Adapted from https://github.com/awslabs/amazon-sagemaker-examples/blob/master/advanced_functionality/scikit_bring_your_own/scikit_bring_your_own.ipynb

This shows how to use a h2o3-automl docker container and deploy it onto Amazon Sagemaker

In [None]:
# Basic set up
import boto3
import re

import os
import numpy as np
import pandas as pd

from sagemaker import get_execution_role

role = get_execution_role()

In [None]:
import sagemaker as sage
from time import gmtime, strftime

sess = sage.Session()

In [None]:
account = sess.boto_session.client('sts').get_caller_identity()['Account']
region = sess.boto_session.region_name

#Note - make sure to include the Docker image tag (eg, :latest), since there seem to 
# be some issues with deploying a model if you don't include the tag. 
image = '{}.dkr.ecr.{}.amazonaws.com/h2o-automl:latest'.format(account, region)

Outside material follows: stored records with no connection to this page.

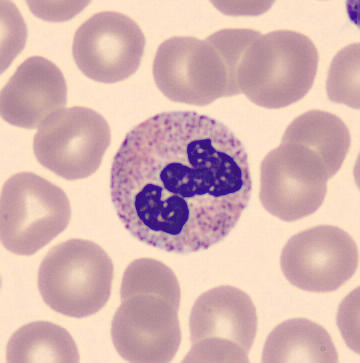

A neutrophil (segmented).
Acquisition: Peripheral blood smear; May Grünwald-Giemsa stain.
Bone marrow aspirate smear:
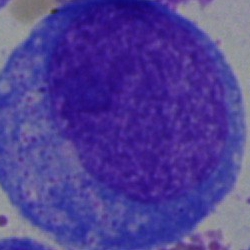 Specimen: bone marrow smear.
Classification: progranulocyte.
Lineage: myeloid.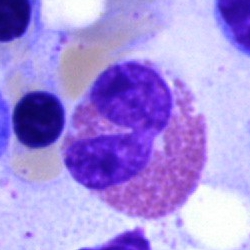
This is an eosinophil.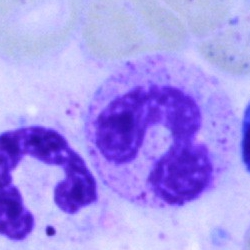Showing a segmented neutrophil.
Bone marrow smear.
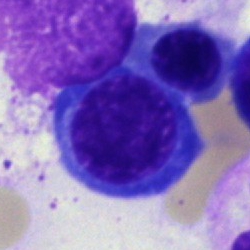 Specimen: bone marrow aspirate smear.
Morphological class: normoblast.
Lineage: erythroid.
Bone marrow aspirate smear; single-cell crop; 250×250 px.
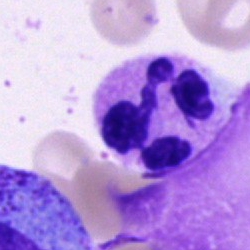Morphology consistent with a polymorphonuclear neutrophil.
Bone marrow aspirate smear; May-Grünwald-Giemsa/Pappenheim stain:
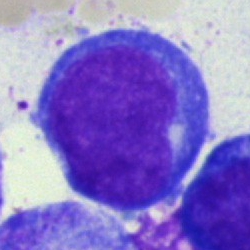

{"cell_type": "pronormoblast"}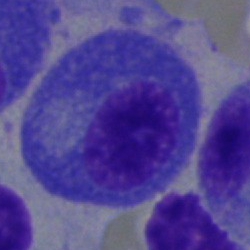
The cell shown is a plasmacyte.

automl = sage.estimator.Estimator(image, 
                                 role, 1, 
                                 'ml.c4.2xlarge',
                                 output_path='s3://{}/output'.format(sess.default_bucket()),
                                 sagemaker_session=sess)

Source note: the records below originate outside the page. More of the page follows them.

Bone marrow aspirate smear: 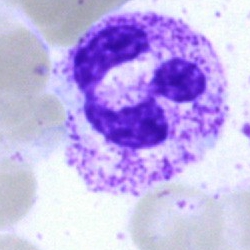
Classification — segmented neutrophil.
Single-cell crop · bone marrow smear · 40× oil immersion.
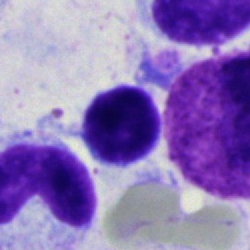 Cell: lymphocyte.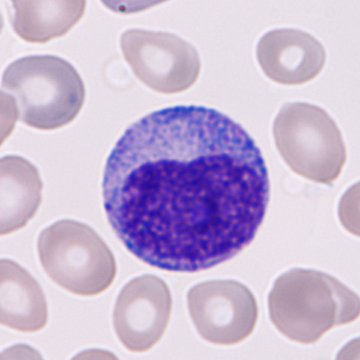Morphology consistent with an immature granulocyte (promyelocyte, myelocyte or metamyelocyte).

Peripheral blood film; 360×360.

# The current Docker image needs both training and testing data, 
# so they're specified in two different channels. It's assumed 
# that the user has already uploaded the required data into a couple of
# different directories, and this dictionary just specifies where the 
# training and testing data are, respectively. 
data_location = {'training':'s3://sagemaker-test-bucket-2018/h2o-automl-test-train/training',
                 'testing':'s3://sagemaker-test-bucket-2018/h2o-automl-test-train/testing'} 


In [None]:
# Run AutoML. This can take a little while, and you will likely want to make
# sure that the cell runs entirely before you try deploying a predictor - 
# especially because you will have partial output even during a run
automl.fit(data_location)

In [None]:
# Deplying an actual predictor, so that we can make predictions on test data here
from sagemaker.predictor import csv_serializer
predictor = automl.deploy(1, 'ml.m4.xlarge', serializer=csv_serializer)

In [None]:
# This is just a simple way to try out a prediction on a particular set of data
# The output's currently in the form of a prediction and the class probabilities for each of the classes

sample_data = np.asarray([['age', ' workclass', ' fnlwgt', ' education', ' education-num', ' marital-status', ' occupation', ' relationship', ' race', ' sex', ' capital-gain', ' capital-loss'], 
                          ['68', ' Self-emp-not-inc', ' 273088', ' Some-college', ' 10', ' Married-civ-spouse', ' Craft-repair', ' Husband', ' White', ' Male', ' 0', ' 0']])
print(predictor.predict(sample_data).decode('utf-8'))


In [None]:
# Cleaning up the endpoint, to avoid getting charged for it unnecessarily 

sess.delete_endpoint(predictor.endpoint)